As someone who has researched the nutritional processes of the human body at length and taken into account the type of diet these processes evolved with, I have concluded that eating fewer carbohydrates (i.e., not a whole pizza, loaf of bread, or pound of french fries) is the most natural and healthy way for us to eat, not just for weight loss but for ongoing weight and health maintenance – even for people who do not have a weight problem.
Any of these plans can work as a weight loss diet, but if they’re abandoned, and old eating habits are reinstated, the weight will likely be gained back, as with any short-term diet.
After being cautioned about fats for decades, many Americans have turned to them instead. At the same time, obesity rates in the country are more significant than ever. Americans now eat more carbohydrates than ever – 50 more pounds per person per year than a decade ago (ABC.NEWS).
Whether or not carbs cause obesity is a topic of debate among experts.
Biochemist Barry Sears, the author of the best-selling low-carbohydrate diet book The Zone, is convinced that carbohydrates cause people to gain weight. His controversial theory suggests that people who eat a lot of carbohydrates get caught in a cycle of overeating because carbohydrates can be addictive like other foods.
Insulin, glucagon, and eicosanoids are discussed, and their activities are accurately stated; the underlying premise of The Zone is that food should be viewed as a prescription drug that is intended to induce the desired hormonal response throughout the day.
According to Sears, the obesity crisis in America is since eating a lot of carbohydrates triggers a biological mechanism that significantly lowers the blood sugar level. This mechanism is insulin, and because there is so much insulin, sugars are cleared from the blood so quickly that people feel hungry again after a brief period.

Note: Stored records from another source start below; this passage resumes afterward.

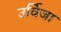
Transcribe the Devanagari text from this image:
उर्विजा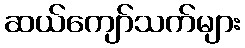
ဆယ်ကျော်သက်များ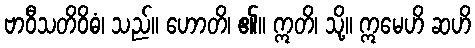
ဗာဝီသတိဝိဓံ၊ သည်။ ဟောတိ၊ ၏။ ဣတိ၊ သို့။ ဣမေဟိ ဆဟိ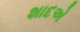
શાદએ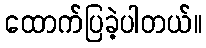
ထောက်ပြခဲ့ပါတယ်။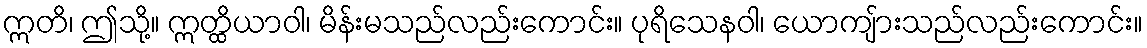
ဣတိ၊ ဤသို့။ ဣတ္ထိယာဝါ၊ မိန်းမသည်လည်းကောင်း။ ပုရိသေနဝါ၊ ယောကျ်ားသည်လည်းကောင်း။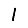
Digit: 1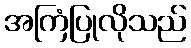
အကြံပြုလိုသည်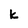
Character: k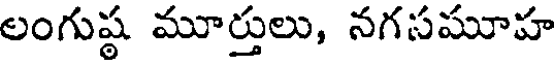
లంగుష్ఠ మూర్తులు, నగసమూహ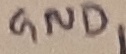
Text: GND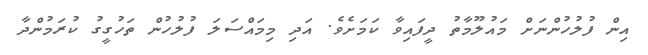
އިން ފުލުހުންނަށް މައުލޫމާތު ދީފައިވާ ކަމަށެވެ. އަދި މިމައްސަލަ ފުލުހުން ތަހުގީގު ކުރަމުންދާ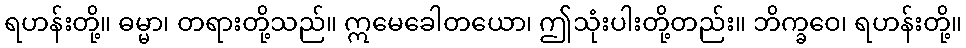
ရဟန်းတို့။ ဓမ္မာ၊ တရားတို့သည်။ ဣမေခေါတယော၊ ဤသုံးပါးတို့တည်း။ ဘိက္ခဝေ၊ ရဟန်းတို့။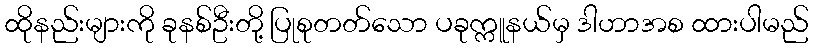
ထိုနည်းများကို ခုနစ်ဦးတို့ ပြုစုတတ်သော ပခုက္ကူနယ်မှ ဒါဟာအစ ထားပါမည်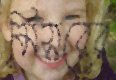
মিসরের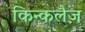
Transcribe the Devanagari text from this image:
किन्कलैज़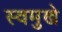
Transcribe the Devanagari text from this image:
स्वमुखे

“At 12, you eat a huge lunch that’s primarily carbohydrates. You’re already hungry again by 3 o’clock. You are consuming more carbs. The basic idea is that carbs are broken down into sugars that cause the release of insulin, which in turn sends some of the sugar to our muscles for energy and stores the rest as fat; Sears’ theory takes this a step further and explains why you feel hungry again by 7 o’clock.
To get into the “Zone,” you must eat 3 grams of protein for every 4 grams of carbohydrate at each meal and snack, with no more than 5 hours in between. The author provides meal plans and food lists that adhere to this ratio. He also differentiates between carbohydrates with high and low glycemic indexes, which measures how quickly the carbohydrate raises blood sugar.

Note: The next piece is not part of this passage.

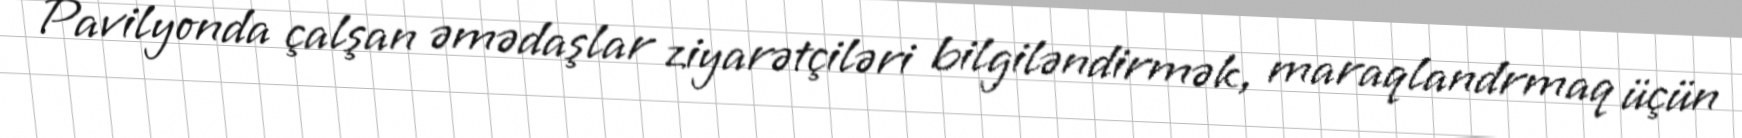
Pavilyonda çalşan əmədaşlar ziyarətçiləri bilgiləndirmək, maraqlandrmaq üçün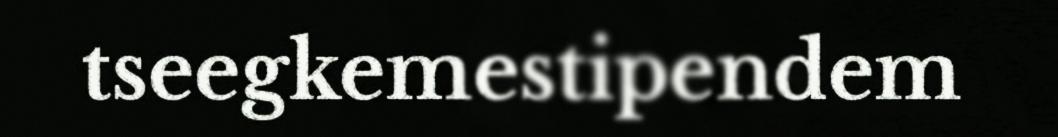
tseegkemestipendem

The calculated protein requirement should not be exceeded, and meals containing protein should be spaced throughout the day to prevent increased insulin levels caused by protein digestion. This would result in a calorie restriction for the day, as protein has a finite value, and carbohydrate and fat intake are measured by protein intake.
The second half of the book elaborates on the role of eicosanoid activity in the beneficial effects of the Zone diet on a wide range of health issues.
The author provides excellent scientific explanations for why eating too many carbohydrates leads to fat storage. The entire design of the Zone diet is explained in a very scientific fashion as well; however, there is a severe lack of evidence to support it.